Investors can employ characteristics-based factors more aggressively in their portfolios in conjunction with beta-based factors to keep portfolio risks at manageable levels. The extent to which an investor should use beta-based factors in a portfolio depends on their objectives—the less constrained an investor, the more benefits the beta-based factors can yield. 

Conclusions

We show that fundamental factor characteristics provide superior information about portfolio returns compared to factor betas. Portfolios with high exposure to factor betas but little exposure to factor characteristics earn average returns that are not statistically or economically different from zero. We demonstrate that this result holds for the six most commonly used factors, and as discussed by Brightman et al. (2021), across an even wider array of factors and across international markets.  

We also show that factor betas provide information useful in managing risk. By buying or overweighting characteristics-based factor exposures and selling or underweighting beta-based factor exposures, investors may reap the rewards of factor investing while bearing less risk. Choosing factor-investing strategies to maximize factor betas may provide factor risks without the desired returns. Characteristics-based factor analytics provide better information about factor-based investment strategies’ prospects for delivering factor returns.

“Investors can use characteristics-based factors more aggressively in conjunction with beta-based factors to keep portfolio risks at manageable levels.”

Endnotes

  1. Brightman et al. (2021), on which this article is based, also study a second set of factors containing nine slightly less popular factors: short-term reversals, long-term reversals, idiosyncratic volatility, Amihud’s illiquidity, low beta, earnings-to-price ratio, cash flow-to-price ratio, accruals, and net share issues. In addition to the US market, both factor sets were studied in three international markets—Europe, Asia excluding Japan, and Japan—over the period January 1988–September 2020. The results of the analysis for both factor sets across the three international markets supports the authors’ findings in the US market, as reported in this article.
  2. Please refer to Brightman et al. (2021) for details on the factor construction methodology used in this analysis.
  3. Brightman et al. (2021) estimate cross-sectional Fama–MacBeth regressions for the July 1968–September 2020 period using two sets of predictors for the US stock market: characteristics and betas. They find that stock characteristics are predictive of subsequent returns, but that estimated betas do not have predictive power. They also find that historical betas (with the exception of investment and momentum betas) are approximately as predictive of future betas as current stock characteristics. For full details of the cross-sectional analysis we refer you to Brightman et al.

References

Arnott, Robert, Campbell Harvey, Vitali Kalesnik, and Juhani Linnainmaa. 2019. “Alice’s Adventures in Factorland: Three Blunders that Plague Factor Investing.” Journal of Portfolio Management, vol. 45, no. 4:18–36.

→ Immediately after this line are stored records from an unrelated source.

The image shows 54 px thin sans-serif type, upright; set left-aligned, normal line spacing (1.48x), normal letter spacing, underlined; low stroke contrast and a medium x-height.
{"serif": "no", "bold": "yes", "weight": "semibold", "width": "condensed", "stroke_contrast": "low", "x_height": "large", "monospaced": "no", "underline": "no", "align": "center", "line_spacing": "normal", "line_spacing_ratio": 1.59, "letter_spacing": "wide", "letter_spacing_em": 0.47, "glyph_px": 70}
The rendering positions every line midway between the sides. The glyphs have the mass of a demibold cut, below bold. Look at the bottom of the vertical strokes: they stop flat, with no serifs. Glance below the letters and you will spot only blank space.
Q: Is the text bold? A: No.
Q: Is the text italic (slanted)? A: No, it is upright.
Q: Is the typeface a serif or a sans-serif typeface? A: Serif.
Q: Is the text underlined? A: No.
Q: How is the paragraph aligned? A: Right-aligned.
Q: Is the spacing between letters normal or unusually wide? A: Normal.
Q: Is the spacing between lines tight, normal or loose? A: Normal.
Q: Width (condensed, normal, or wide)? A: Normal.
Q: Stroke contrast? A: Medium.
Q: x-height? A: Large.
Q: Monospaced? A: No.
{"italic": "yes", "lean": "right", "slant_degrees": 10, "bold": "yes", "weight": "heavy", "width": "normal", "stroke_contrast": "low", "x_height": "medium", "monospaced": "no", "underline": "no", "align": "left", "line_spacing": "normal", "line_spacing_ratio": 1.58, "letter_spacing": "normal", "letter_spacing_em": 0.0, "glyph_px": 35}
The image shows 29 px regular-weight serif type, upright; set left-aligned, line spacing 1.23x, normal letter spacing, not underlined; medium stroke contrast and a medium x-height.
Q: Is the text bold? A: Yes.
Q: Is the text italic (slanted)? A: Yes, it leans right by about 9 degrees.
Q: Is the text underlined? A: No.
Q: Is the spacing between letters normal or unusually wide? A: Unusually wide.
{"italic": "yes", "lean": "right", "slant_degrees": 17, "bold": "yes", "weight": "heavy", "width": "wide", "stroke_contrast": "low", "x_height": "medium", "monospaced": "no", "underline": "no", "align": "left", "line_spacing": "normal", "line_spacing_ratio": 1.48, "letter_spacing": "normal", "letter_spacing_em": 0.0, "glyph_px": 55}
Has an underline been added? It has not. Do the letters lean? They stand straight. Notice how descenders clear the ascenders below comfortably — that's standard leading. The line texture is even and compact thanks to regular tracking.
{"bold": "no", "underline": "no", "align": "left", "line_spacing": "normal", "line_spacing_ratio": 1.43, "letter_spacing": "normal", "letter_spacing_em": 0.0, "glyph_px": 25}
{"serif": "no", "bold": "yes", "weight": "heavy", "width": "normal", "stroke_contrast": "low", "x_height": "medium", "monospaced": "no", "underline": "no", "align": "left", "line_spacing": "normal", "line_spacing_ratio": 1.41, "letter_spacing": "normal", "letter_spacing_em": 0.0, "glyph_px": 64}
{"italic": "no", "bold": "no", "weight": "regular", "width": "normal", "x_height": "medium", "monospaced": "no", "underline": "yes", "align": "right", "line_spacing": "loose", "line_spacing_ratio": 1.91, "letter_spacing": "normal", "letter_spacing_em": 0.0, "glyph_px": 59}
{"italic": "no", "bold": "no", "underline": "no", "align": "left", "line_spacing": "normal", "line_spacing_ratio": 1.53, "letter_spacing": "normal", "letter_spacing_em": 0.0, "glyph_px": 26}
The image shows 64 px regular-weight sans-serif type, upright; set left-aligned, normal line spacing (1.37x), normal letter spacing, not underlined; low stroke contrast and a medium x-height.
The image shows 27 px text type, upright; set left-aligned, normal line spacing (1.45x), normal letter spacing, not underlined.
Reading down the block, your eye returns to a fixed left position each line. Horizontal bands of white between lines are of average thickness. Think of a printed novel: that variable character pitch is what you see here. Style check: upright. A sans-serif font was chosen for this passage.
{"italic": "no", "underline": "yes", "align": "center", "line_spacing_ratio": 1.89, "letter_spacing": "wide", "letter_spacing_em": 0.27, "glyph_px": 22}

Brightman, Chris, Forrest Henslee, Vitali Kalesnik, Feifei Li, and Juhani Linnainmaa. 2021. “Why Are High Factor Exposures to Factor Betas Unlikely to Deliver Anticipated Returns?” Available on SSRN.  

Carhart, Mark. 1997. “On Persistence in Mutual Fund Performance.” Journal of Finance, vol. 52, no. 1:57–82.

Fama, Eugene, and Kenneth French. 2015. “A Five-Factor Asset Pricing Model.” Journal of Financial Economics, vol. 116, no. 1:1–22.

Huberman, Gur, and Shmuel Kandel. 1987. “Mean-Variance Spanning.” Journal of Finance, vol. 42, no. 4 (September):873–888.

Markowitz, Harry. 1952. “Portfolio Selection.” Journal of Finance, vol. 7, no. 1:77–91.